After Prime Minister Tony
Blair's emotional farewell
address to the Labour
Party in September -- he
plans to leave office
within a year -- British politics faced
two key questions: Is the New Labour
project that Blair so successfully used
to transform Britain over the past 10
years dead? And can Labour even hope
to hold on to the government after the
great vote-getter is gone?
The short answer to the first question
is no. Blair's successor, whether
Chancellor of the Exchequer Gordon
Brown or another member of Blair's
cabinet, will almost certainly continue
in the progressive spirit of Blair's
reform politics. And the answer to the
second is a qualified yes, as long as
Labour plays its cards well. The British
press has already dubbed the
Conservative Party's youthful and
energetic new leader, David Cameron,
the "heir to Blair." But that's too facile.

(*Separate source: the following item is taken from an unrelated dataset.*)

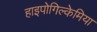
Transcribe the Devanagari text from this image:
हाइपोगिल्केमिया
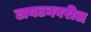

Cameron may have the looks and style
of Blair, but he lacks the content. It is
New Labour that has transformed
Britain since 1997, and New Labour
that will have proper claim to continue
the project.
This doesn't mean that Labour has no
problems. There's a reason why Blair is
planning to leave office early. The drag of
the Iraq war, Blair's perceived closeness to
the vilified George W. Bush, and third-term
voter fatigue have all made Blair --
once the greatest vote-getter in Labour
history -- unpopular with much of the
public, and with many in his own party.
That's why a handful of Labourites in and
out of government mounted a coup
attempt in September, hoping to force
Blair out even sooner. Although some
believe the plotters were working at the
behest of Brown, the chancellor vehemently
denies the charge. Either way, it
became apparent that Blair's glory days
were behind him, and so he laid the
groundwork for his succession, probably
in 2007.
Both Britain's liberal left and the newly
energized Conservatives would love to see
Blair gone soon. Yet they will almost certainly
be disappointed. Instead, Blair's
retirement is likely to underline the
degree to which his near-decade in
Downing Street has left a lasting
imprint -- both on the party he still leads
and on its opponents as well. As Blair
noted in his emotional valedictory
speech: "This is a changed country. ...
We have changed the terms of political
debate."
Blair is right. As Alan Milburn, a former
health secretary, noted, Blair created
a "new political orthodoxy in British
politics." This orthodoxy "goes beyond
individual policies to a political
approach that is liberal on economic and
social policy, internationalist in foreign
policy, marries rights with responsibilities,
and makes reform and investment
in public services a modern route to
social justice."
It was the coupling of rights with
responsibilities -- in part inspired by the
New Democrats and the Clinton presidency
in the United States -- that most
fundamentally transformed Labour, and
Britain. The notion of a fundamental
conflict between individual success and
social solidarity -- a hoary pillar of Old
Labour socialism -- was disavowed, and
Blair's years in power proved it wrong.
"We proved that economic efficiency
and social justice are not opposites, but
partners in progress," said Blair.
There are numerous examples that
underscore the point. First, there's New
Labour's stunning economic record.
Under Blair and Brown (the chancellor
of the exchequer is equivalent to the
U.S. treasury secretary), Labour has
presided over the longest sustained
growth in British economic history.
Mass unemployment is gone and there
are virtually no long-term unemployed
young people.
Ten years ago, when many people
harbored doubts about Labour's ability
to manage the economy, Brown pledged
not to raise taxes and to spend wisely to
maintain economic stability. He was so
successful that today, it's the Conservatives
who are forced to forswear tax
cuts to prove they can be trusted to run
the economy.
In addition, a heavy investment in
public services -- especially in education,
health, and training for welfare recipients
-- has generated high voter satisfaction.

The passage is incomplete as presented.